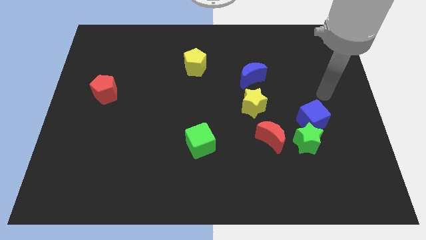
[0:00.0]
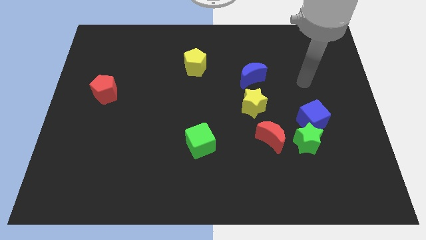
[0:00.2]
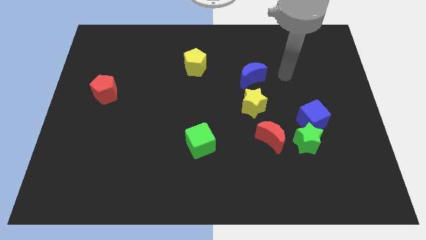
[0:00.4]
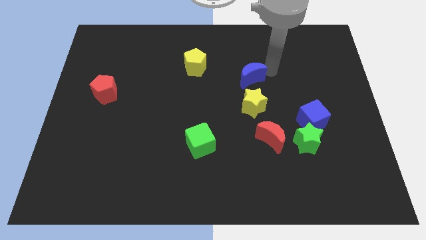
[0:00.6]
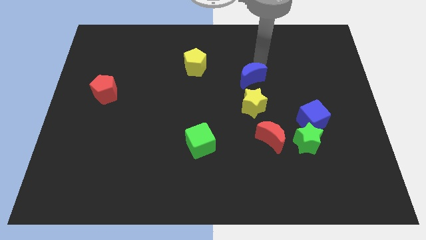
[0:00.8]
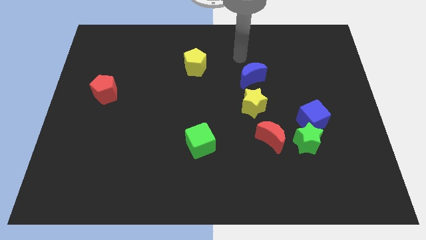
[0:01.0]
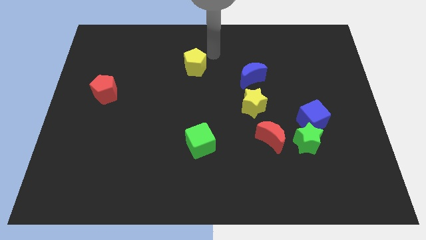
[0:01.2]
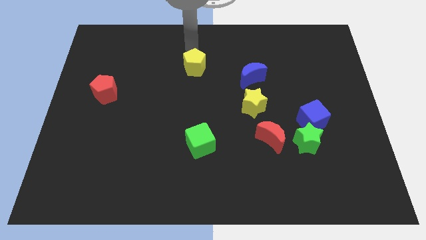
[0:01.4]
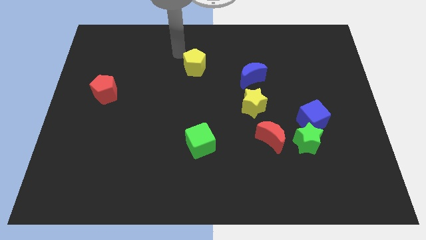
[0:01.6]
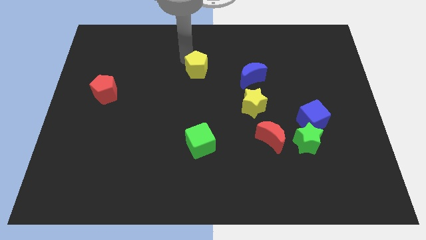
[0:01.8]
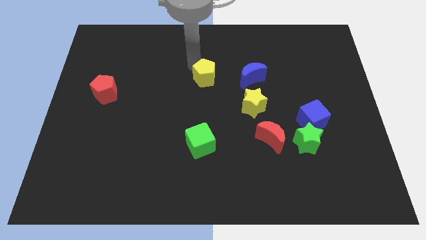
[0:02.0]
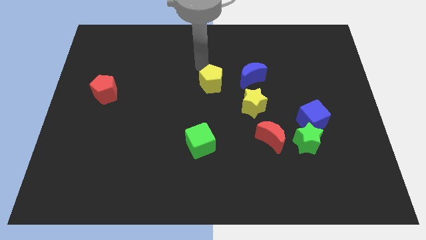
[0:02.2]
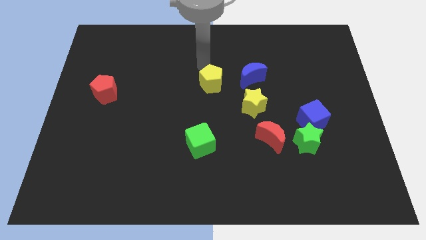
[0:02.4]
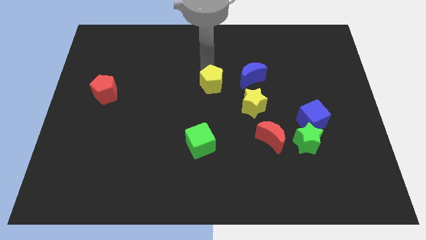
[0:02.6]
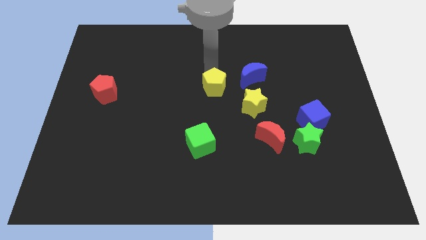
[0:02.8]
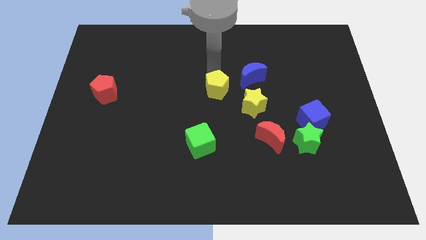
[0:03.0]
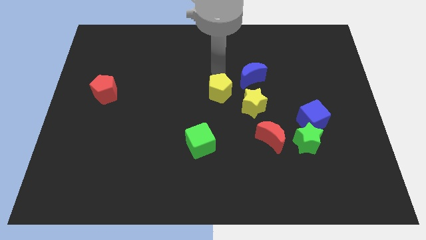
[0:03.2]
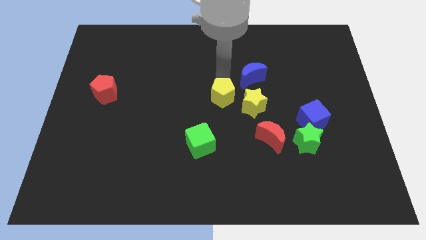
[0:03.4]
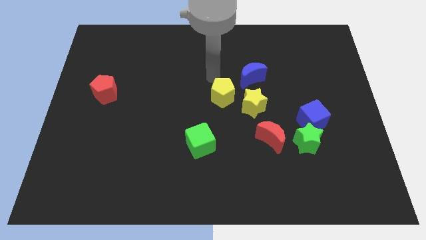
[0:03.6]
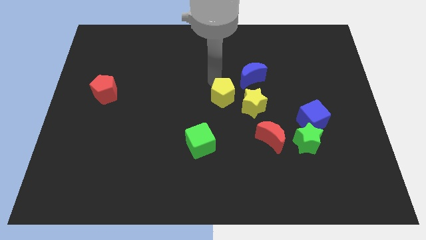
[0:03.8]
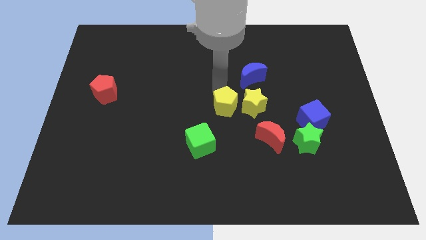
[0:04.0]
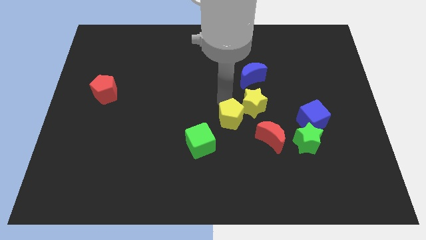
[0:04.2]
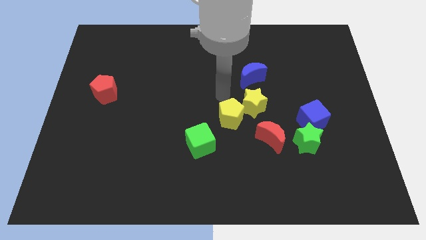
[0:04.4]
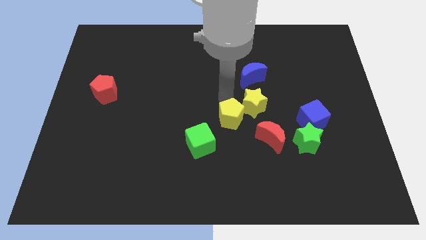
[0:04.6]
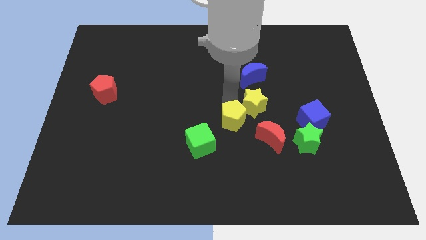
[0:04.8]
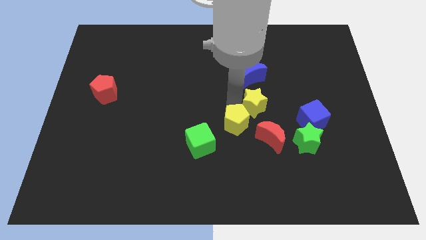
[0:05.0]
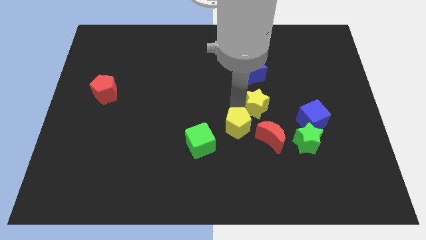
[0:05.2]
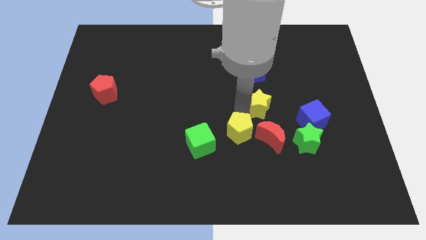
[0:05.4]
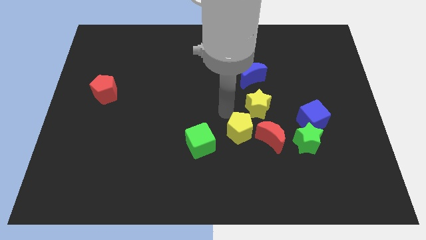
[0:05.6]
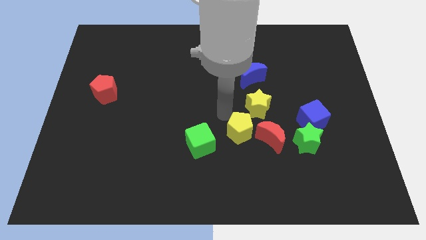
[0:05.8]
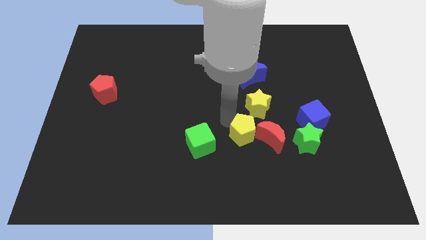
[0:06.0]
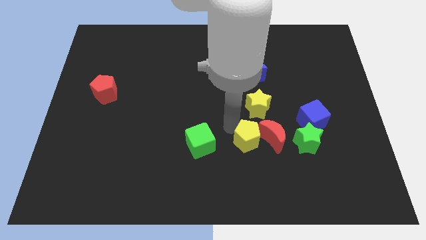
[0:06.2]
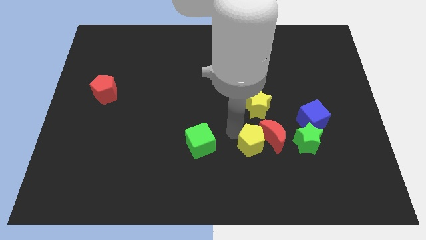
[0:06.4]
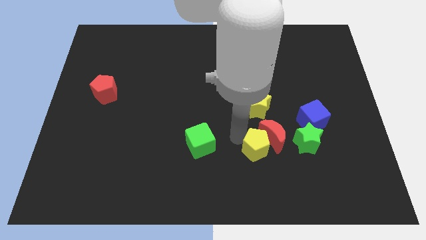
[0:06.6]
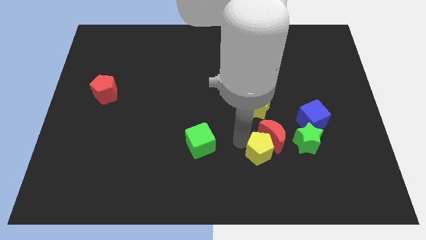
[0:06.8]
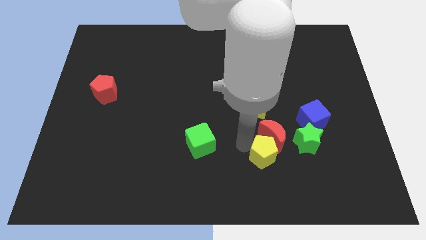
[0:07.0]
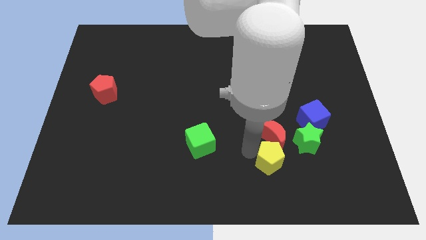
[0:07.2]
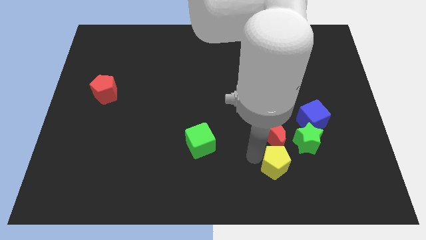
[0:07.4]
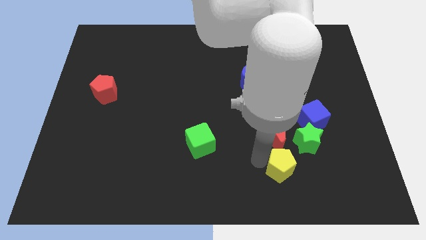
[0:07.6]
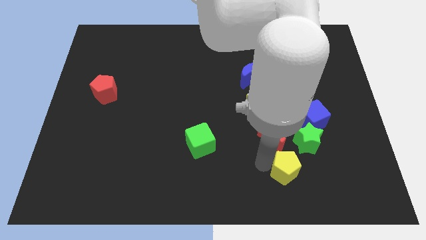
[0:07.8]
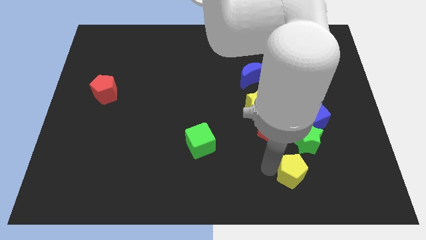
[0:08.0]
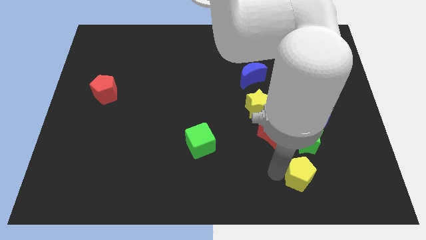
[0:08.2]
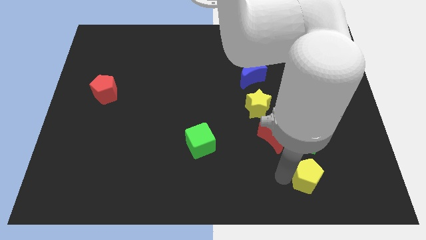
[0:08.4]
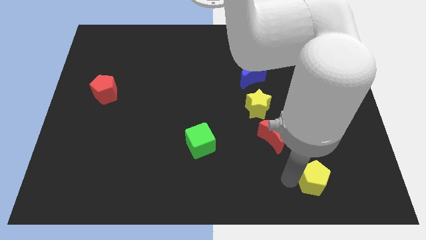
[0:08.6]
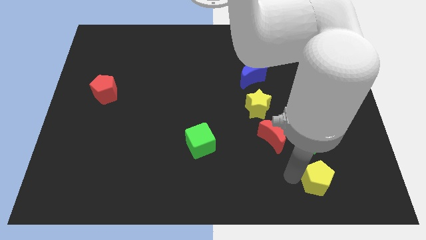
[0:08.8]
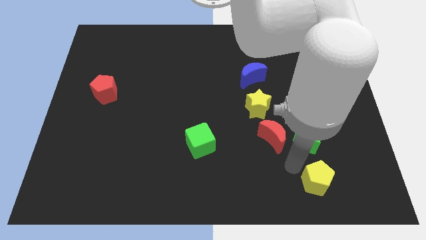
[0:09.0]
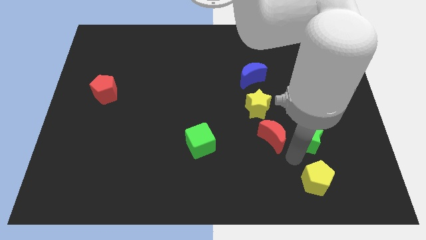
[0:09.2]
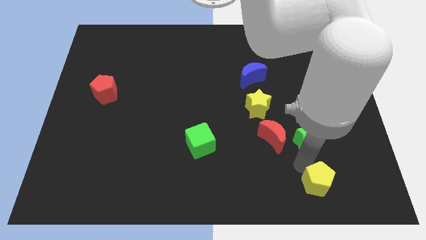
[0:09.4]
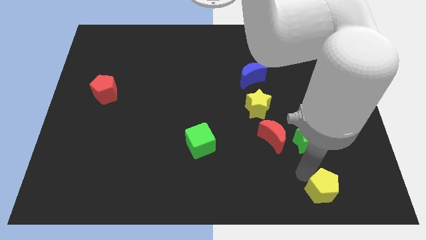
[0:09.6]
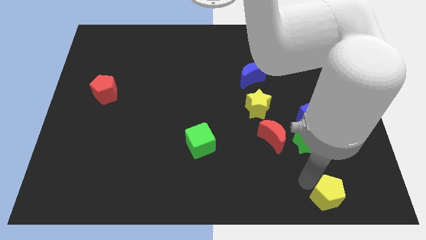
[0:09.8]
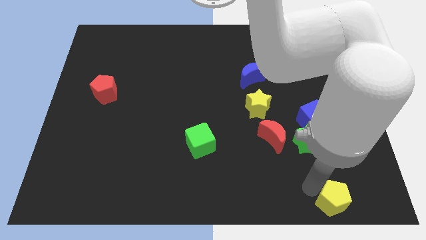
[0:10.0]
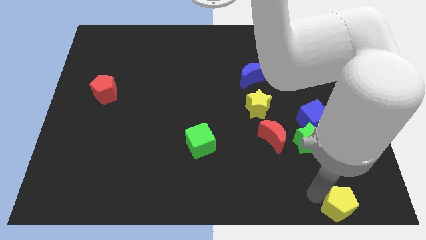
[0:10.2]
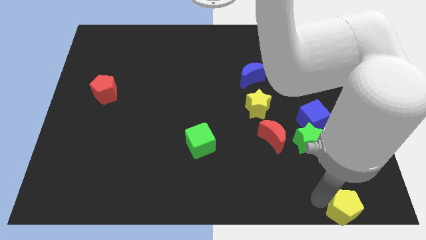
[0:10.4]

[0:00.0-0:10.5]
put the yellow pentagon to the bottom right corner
+ + + +
→ **Assignment**: You need to restate all of the entries above exactly and leave the pictures behind.

→ **Result below**:
[0:00.0]
[0:00.2]
[0:00.4]
[0:00.6]
[0:00.8]
[0:01.0]
[0:01.2]
[0:01.4]
[0:01.6]
[0:01.8]
[0:02.0]
[0:02.2]
[0:02.4]
[0:02.6]
[0:02.8]
[0:03.0]
[0:03.2]
[0:03.4]
[0:03.6]
[0:03.8]
[0:04.0]
[0:04.2]
[0:04.4]
[0:04.6]
[0:04.8]
[0:05.0]
[0:05.2]
[0:05.4]
[0:05.6]
[0:05.8]
[0:06.0]
[0:06.2]
[0:06.4]
[0:06.6]
[0:06.8]
[0:07.0]
[0:07.2]
[0:07.4]
[0:07.6]
[0:07.8]
[0:08.0]
[0:08.2]
[0:08.4]
[0:08.6]
[0:08.8]
[0:09.0]
[0:09.2]
[0:09.4]
[0:09.6]
[0:09.8]
[0:10.0]
[0:10.2]
[0:10.4]

[0:00.0-0:10.5]
put the yellow pentagon to the bottom right corner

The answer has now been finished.